I breathed in. She pulled the strip. It still hurt, but not quite so much.

“We had a little quinta, where we went to work on the weekends. We’d bring the kids. We went fishing. Or collected herbs or nuts, which we dried on the roof and sold at the pharmacy. You could get a certificate that said you had sold herbs at the pharmacy, which meant you could buy an imported piece of clothing or shoes. Everyone had money, that wasn’t the problem, there just wasn’t anything to buy. Okay, breathe.”

“Things started to change when he got the gangrene. They had to cut off a foot and then a leg. He started drinking and got aggressive. He felt a lot of pain. When he was drunk, he didn’t feel it. He didn’t want to be an invalid. We found out he could get a prosthesis in Germany, though it cost a lot. There was a war vet, from World War Two, who had one. He said to us, ‘Your husband’s still young, he can do it.’ But then they cut off the other leg. Breathe. By now, he was staying in the clinic. We would visit him. He was jealous and thought I had a lover. I didn’t have a lover. I didn’t even have time to think. Okay, turn over.”

I had been lying faceup and now lay facedown. She put wax all over the back of my legs.

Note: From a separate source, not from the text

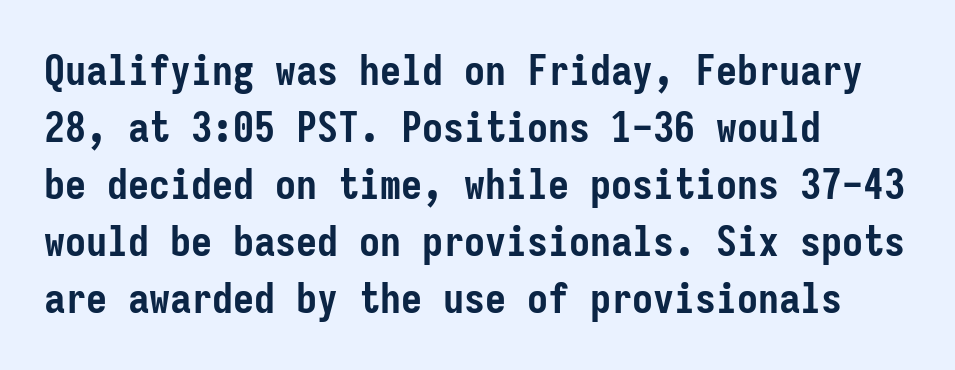
Each new line begins a customary step beneath the previous one. Think of a typewriter: that constant character pitch is what you see here. Every character sits straight up, as roman type does. The specimen omits any rule beneath the text block's lines. Caption: standard tracking, unaltered.
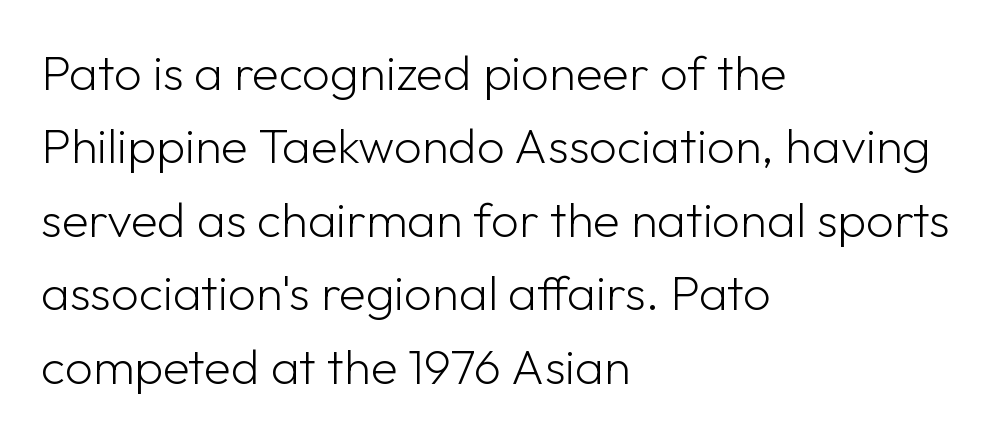
{"serif": "no", "italic": "no", "bold": "no", "weight": "light", "width": "normal", "stroke_contrast": "low", "x_height": "medium", "monospaced": "no", "underline": "no", "align": "left", "line_spacing": "normal", "line_spacing_ratio": 1.5, "letter_spacing": "normal", "letter_spacing_em": 0.0, "glyph_px": 49}

“Finally, it was his birthday. He went to a friend’s and got so drunk that the ambulance came. He died three days later. His organism was too weak to sustain all that alcohol.”

“My God,” I said.

“I cried a lot. I cried all the time during those years. That’s why I never get depressed. I’ve never been depressed because I always cry. Okay, breathe.”

I thought about how hard it was for me to cry. Maybe the inverse was true for me. I’d been depressed for years because I hadn’t cried. But before I could get to the end of that thought, Vera ripped off another strip. Another searing pain, that left my whole body quivering.

She returned to the pot of wax. I lay there thinking for a second. “What did you use to do in Belarus?” I asked.

“I was the manager of a hotel.”

Vera’s situation in this sense was exactly the opposite of Isolde’s. Argentina for Isolde had meant instant promotion. She had leaped ranks for essential reasons, she was Austrian. Vera had stepped down, joining the ranks of that worldwide league of immigrants who live in states of demotion, whose present occupations reflect in no way their past ones or the ones for which they’ve been trained. She had arrived eight years ago at the age of forty, with her children in tow. Coming here was a way for her son to avoid military service, which she wanted him to do, as it could be brutal.